**WHAT YOU NEED TO DO**
Would you transcribe the records below from the line with "Character: 9" to the line with "to death, personal", ends included, exactly and with nothing more, leaving the pictures out?

* * * * *

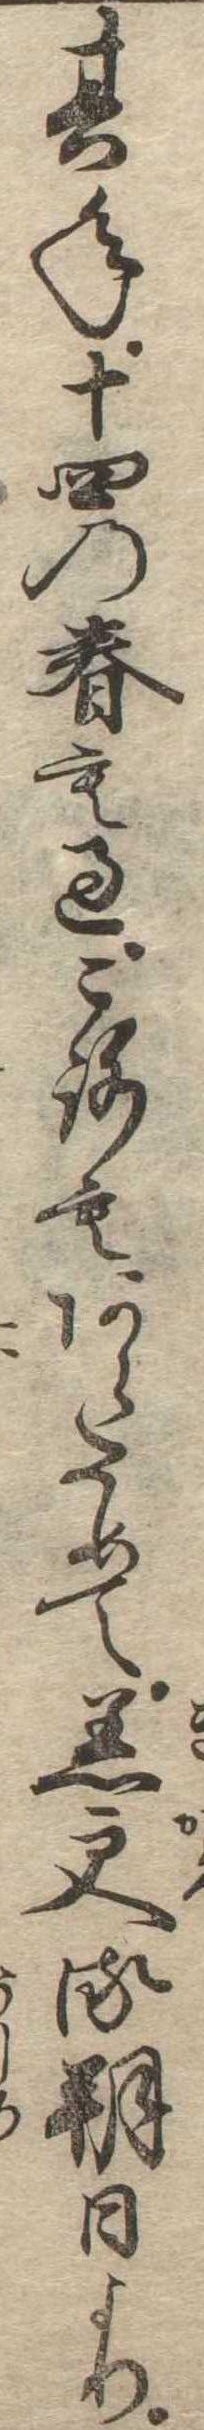
其年十四の春も過ころもあらためて着更る朔日より
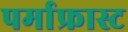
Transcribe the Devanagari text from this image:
पर्माफ्रास्ट
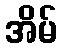
အိမ်
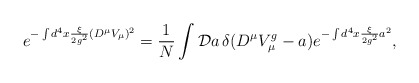
\begin{align*}e^{-\int d^{4} x \frac{\xi}{2g^{2}} (D^{\mu} V_{\mu})^{2}} = \frac{1}{N} \int {\cal D}a \, \delta(D^{\mu} V^{g}_{\mu} - a) e^{-\int d^{4} x \frac{\xi}{2g^{2}} a^{2}},\end{align*}
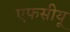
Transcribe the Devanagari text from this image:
एफसीयू
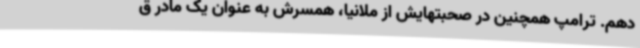
دهم. ترامپ همچنین در صحبتهایش از ملانیا، همسرش به عنوان یک مادر ق
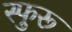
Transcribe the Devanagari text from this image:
स्फुरू
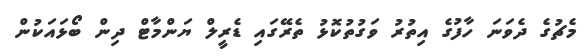
މެޗުގެ ދެވަނަ ހާފުގެ އިތުރު ވަގުތުކޮޅު ތެރޭގައި ޑެރީލް ޔަންމާޓް ދިން ބޯޅައަކުން
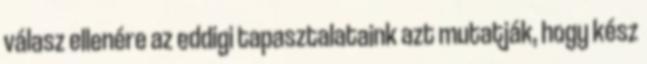
válasz ellenére az eddigi tapasztalataink azt mutatják, hogy kész
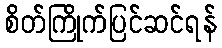
စိတ်ကြိုက်ပြင်ဆင်ရန်
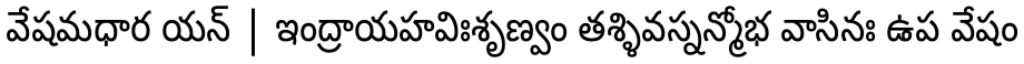
వేషమధార యన్ | ఇంద్రాయహవిఃశృణ్వం తశ్ళివస్నన్మోభ వాసినః ఉప వేషం
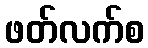
ဖတ်လက်စ
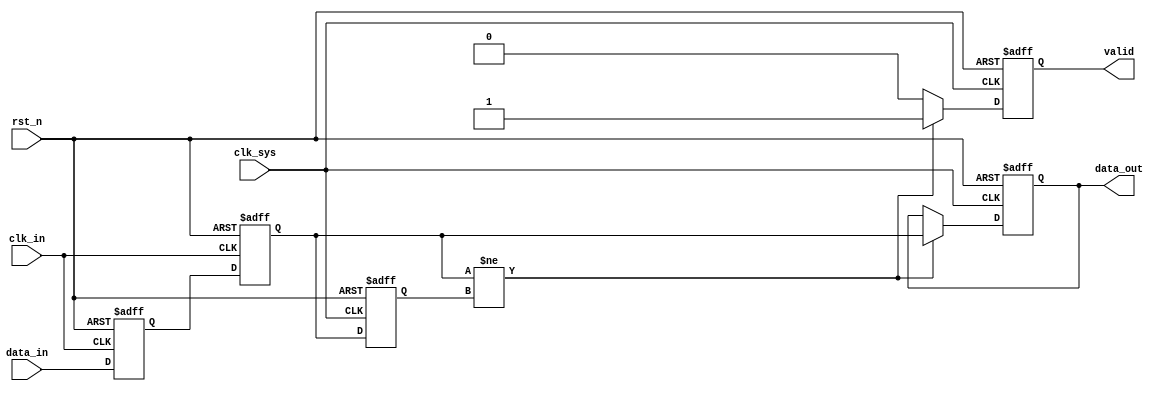
module async_to_sync_converter (
    input  wire       clk_sys,       // System clock
    input  wire       rst_n,         // Active low asynchronous reset
    input  wire       clk_in,        // Asynchronous clock input
    input  wire       data_in,       // Asynchronous data input
    output reg        data_out,      // Synchronized data output
    output reg        valid          // Valid signal indicating when data_out is valid
);

    // Internal signals for synchronizing data
    reg data_sync1, data_sync2;
    reg data_prev;

    // Synchronizer for the asynchronous data input
    always @(posedge clk_in or negedge rst_n) begin
        if (!rst_n) begin
            data_sync1 <= 1'b0;
            data_sync2 <= 1'b0;
        end else begin
            data_sync1 <= data_in;     // Sample the asynchronous data
            data_sync2 <= data_sync1;  // Sample again to reduce metastability
        end
    end

    // Detect change in synchronized data and assert VALID signal
    always @(posedge clk_sys or negedge rst_n) begin
        if (!rst_n) begin
            data_out <= 1'b0;
            valid <= 1'b0;
            data_prev <= 1'b0;
        end else begin
            // Check for change in synchronized data
            if (data_sync2 != data_prev) begin
                data_out <= data_sync2;  // Update output data
                valid <= 1'b1;            // Assert valid signal
            end else begin
                valid <= 1'b0;            // De-assert valid signal if no change
            end
            data_prev <= data_sync2;      // Store previous value for comparison
        end
    end

endmodule
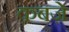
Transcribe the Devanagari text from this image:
क़बज़े
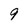
Character: 9
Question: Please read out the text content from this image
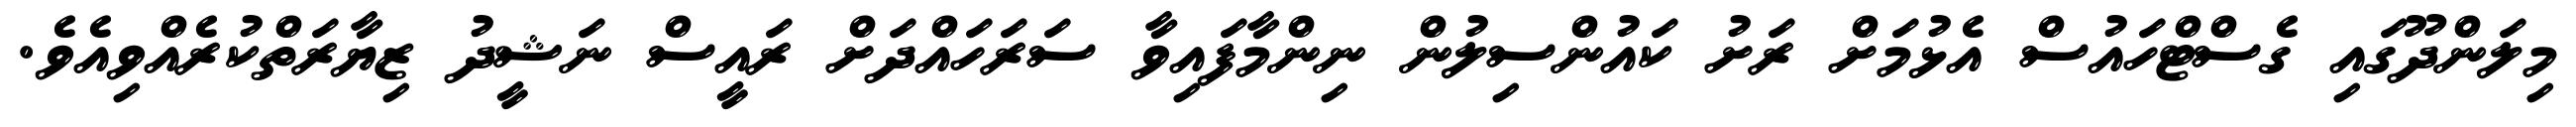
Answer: މިލަންދޫގައި ގެސްޓްހައުސް އެޅުމަށް ރަށު ކައުންސިލުން ނިންމާފައިވާ ސަރަހައްދަށް ރައީސް ނަޝީދު ޒިޔާރަތްކުރެއްވިއެވެ.
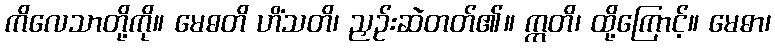
ကိလေသာတို့ကို။ မေဓတိ ဟိံသတိ၊ ညှဉ်းဆဲတတ်၏။ ဣတိ၊ ထို့ကြောင့်။ မေဓာ၊
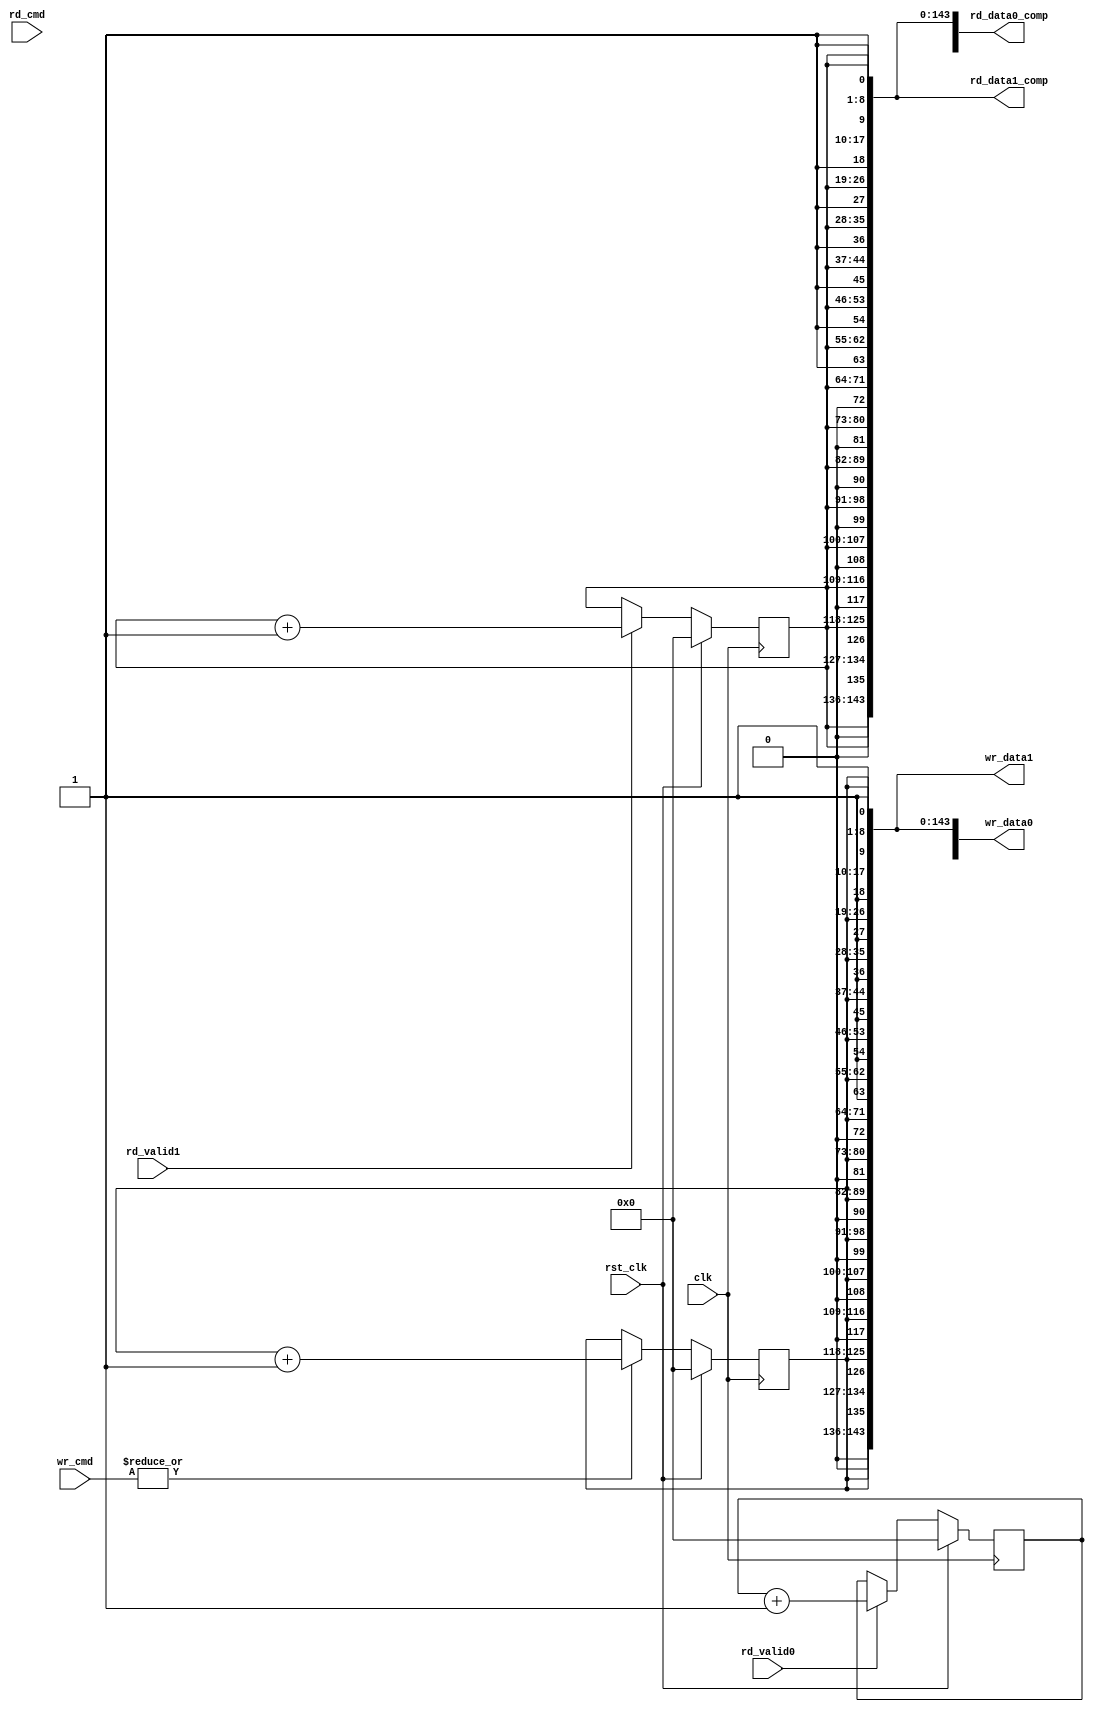
//*****************************************************************************
//(c) Copyright 2009 - 2010 Xilinx, Inc. All rights reserved.
//
// This file contains confidential and proprietary information
// of Xilinx, Inc. and is protected under U.S. and
// international copyright and other intellectual property
// laws.
//
// DISCLAIMER
// This disclaimer is not a license and does not grant any
// rights to the materials distributed herewith. Except as
// otherwise provided in a valid license issued to you by
// Xilinx, and to the maximum extent permitted by applicable
// law: (1) THESE MATERIALS ARE MADE AVAILABLE "AS IS" AND
// WITH ALL FAULTS, AND XILINX HEREBY DISCLAIMS ALL WARRANTIES
// AND CONDITIONS, EXPRESS, IMPLIED, OR STATUTORY, INCLUDING
// BUT NOT LIMITED TO WARRANTIES OF MERCHANTABILITY, NON-
// INFRINGEMENT, OR FITNESS FOR ANY PARTICULAR PURPOSE; and
// (2) Xilinx shall not be liable (whether in contract or tort,
// including negligence, or under any other theory of
// liability) for any loss or damage of any kind or nature
// related to, arising under or in connection with these
// materials, including for any direct, or any indirect,
// special, incidental, or consequential loss or damage
// (including loss of data, profits, goodwill, or any type of
// loss or damage suffered as a result of any action brought
// by a third party) even if such damage or loss was
// reasonably foreseeable or Xilinx had been advised of the
// possibility of the same.
//
// CRITICAL APPLICATIONS
// Xilinx products are not designed or intended to be fail-
// safe, or for use in any application requiring fail-safe
// performance, such as life-support or safety devices or
// systems, Class III medical devices, nuclear facilities,
// applications related to the deployment of airbags, or any
// other applications that could lead to death, personal
// injury, or severe property or environmental damage
// (individually and collectively, "Critical
// Applications"). Customer assumes the sole risk and
// liability of any use of Xilinx products in Critical
// Applications, subject only to applicable laws and
// regulations governing limitations on product liability.
//
// THIS COPYRIGHT NOTICE AND DISCLAIMER MUST BE RETAINED AS
// PART OF THIS FILE AT ALL TIMES.

////////////////////////////////////////////////////////////////////////////////
//   ____  ____
//  /   /\/   /
// /___/  \  /    Vendor             : Xilinx
// \   \   \/     Version            : 3.8
//  \   \         Application        : MIG
//  /   /         Filename           : tb_data_gen.v
// /___/   /\     Date Last Modified : $Date: 2011/05/27 15:51:52 $
// \   \  /  \    Date Created       : Nov 24, 2008
//  \___\/\___\
//
//Device: Virtex-6
//Design: QDRII+ /RLDRAM-II
//
//Purpose:
//    This module
//       1. generates test write data for the memory interface.
//
//Revision History:
//
////////////////////////////////////////////////////////////////////////////////


`timescale 1ps/1ps

module tb_data_gen #(
  parameter DATA_WIDTH = 72,            //Data Width
  parameter BW_WIDTH   = DATA_WIDTH/9,  //Byte Write Width
  parameter BURST_LEN  = 4,             //Burst Length
  parameter TCQ        = 100            //Register Delay
)
(
  //System Signals
  input                                 clk,
  input                                 rst_clk,

  //Read Path Interface
  input                                 rd_valid0,
  input                                 rd_valid1,

  //Write Path Interface
  output [(BURST_LEN*DATA_WIDTH)-1:0]   wr_data0,
  output [(DATA_WIDTH*2)-1:0]           wr_data1,

  //Example Test Bench Interface
  input  [1:0]                          wr_cmd,
  input  [1:0]                          rd_cmd,           
  output [(BURST_LEN*DATA_WIDTH)-1:0]   rd_data0_comp,
  output [(DATA_WIDTH*2)-1:0]           rd_data1_comp
);
   
  reg [7:0] cmp_data_counter0 = 0;
  reg [7:0] cmp_data_counter1 = 0;
  reg [7:0] wr_data_counter   = 0;

  reg  [DATA_WIDTH-1 :0] wr_data0_r;
  reg  [DATA_WIDTH-1 :0] wr_data1_r;
  reg  [DATA_WIDTH-1 :0] wr_data0_2r;
  reg  [DATA_WIDTH-1 :0] wr_data1_2r;

  wire [(DATA_WIDTH*2)-1 :0]  tmp_wr_data0;
  wire [(DATA_WIDTH*2)-1 :0]  tmp_rd_data0_comp;


  always @ (posedge clk)
    begin
      if (rst_clk) begin
        cmp_data_counter0 <=#TCQ 0;
        cmp_data_counter1 <=#TCQ 0;
      end else begin
        if (rd_valid0) 
          cmp_data_counter0 <=#TCQ cmp_data_counter0 + 1;
        if (rd_valid1)
          cmp_data_counter1 <=#TCQ cmp_data_counter1 + 1;
      end
    end

  assign rd_data0_comp = (BURST_LEN == 4) ? {tmp_rd_data0_comp, rd_data1_comp} : tmp_rd_data0_comp;
  assign tmp_rd_data0_comp = {{BW_WIDTH{cmp_data_counter0, 1'b1}}, {BW_WIDTH{cmp_data_counter0, 1'b0}}};
  assign rd_data1_comp = {{BW_WIDTH{cmp_data_counter1, 1'b0}}, {BW_WIDTH{cmp_data_counter1, 1'b1}}};
   
  always @ (posedge clk)
    begin
       if (rst_clk)
         wr_data_counter <=#TCQ 0;
       else if (|wr_cmd)
         wr_data_counter <=#TCQ wr_data_counter + 1;
    end

  assign wr_data0 = (BURST_LEN == 4) ? {tmp_wr_data0, wr_data1} : tmp_wr_data0;
  assign tmp_wr_data0 = {{BW_WIDTH{wr_data_counter, 1'b1}}, {BW_WIDTH{wr_data_counter, 1'b0}}};
  assign wr_data1 = {{BW_WIDTH{wr_data_counter, 1'b0}}, {BW_WIDTH{wr_data_counter, 1'b1}}};

endmodule
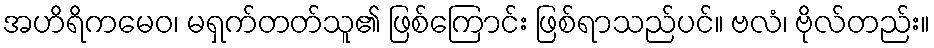
အဟိရိကမေဝ၊ မရှက်တတ်သူ၏ ဖြစ်ကြောင်း ဖြစ်ရာသည်ပင်။ ဗလံ၊ ဗိုလ်တည်း။
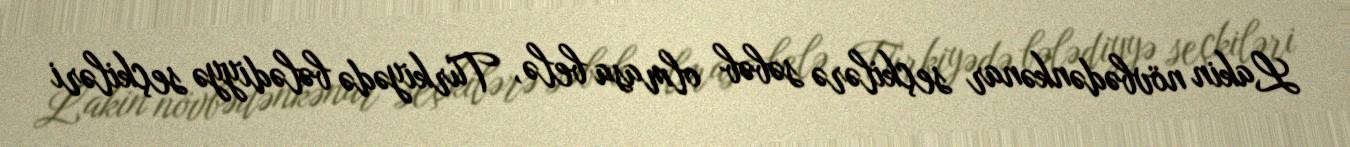
Lakin növbədənkənar seçkilərə səbəb olmasa belə, Türkiyədə bələdiyyə seçkiləri

* * * * *

**TASK RESPONSE**
Character: 9
Question: Please read out the text content from this image
Answer: މިލަންދޫގައި ގެސްޓްހައުސް އެޅުމަށް ރަށު ކައުންސިލުން ނިންމާފައިވާ ސަރަހައްދަށް ރައީސް ނަޝީދު ޒިޔާރަތްކުރެއްވިއެވެ.
ကိလေသာတို့ကို။ မေဓတိ ဟိံသတိ၊ ညှဉ်းဆဲတတ်၏။ ဣတိ၊ ထို့ကြောင့်။ မေဓာ၊
//*****************************************************************************
//(c) Copyright 2009 - 2010 Xilinx, Inc. All rights reserved.
//
// This file contains confidential and proprietary information
// of Xilinx, Inc. and is protected under U.S. and
// international copyright and other intellectual property
// laws.
//
// DISCLAIMER
// This disclaimer is not a license and does not grant any
// rights to the materials distributed herewith. Except as
// otherwise provided in a valid license issued to you by
// Xilinx, and to the maximum extent permitted by applicable
// law: (1) THESE MATERIALS ARE MADE AVAILABLE "AS IS" AND
// WITH ALL FAULTS, AND XILINX HEREBY DISCLAIMS ALL WARRANTIES
// AND CONDITIONS, EXPRESS, IMPLIED, OR STATUTORY, INCLUDING
// BUT NOT LIMITED TO WARRANTIES OF MERCHANTABILITY, NON-
// INFRINGEMENT, OR FITNESS FOR ANY PARTICULAR PURPOSE; and
// (2) Xilinx shall not be liable (whether in contract or tort,
// including negligence, or under any other theory of
// liability) for any loss or damage of any kind or nature
// related to, arising under or in connection with these
// materials, including for any direct, or any indirect,
// special, incidental, or consequential loss or damage
// (including loss of data, profits, goodwill, or any type of
// loss or damage suffered as a result of any action brought
// by a third party) even if such damage or loss was
// reasonably foreseeable or Xilinx had been advised of the
// possibility of the same.
//
// CRITICAL APPLICATIONS
// Xilinx products are not designed or intended to be fail-
// safe, or for use in any application requiring fail-safe
// performance, such as life-support or safety devices or
// systems, Class III medical devices, nuclear facilities,
// applications related to the deployment of airbags, or any
// other applications that could lead to death, personal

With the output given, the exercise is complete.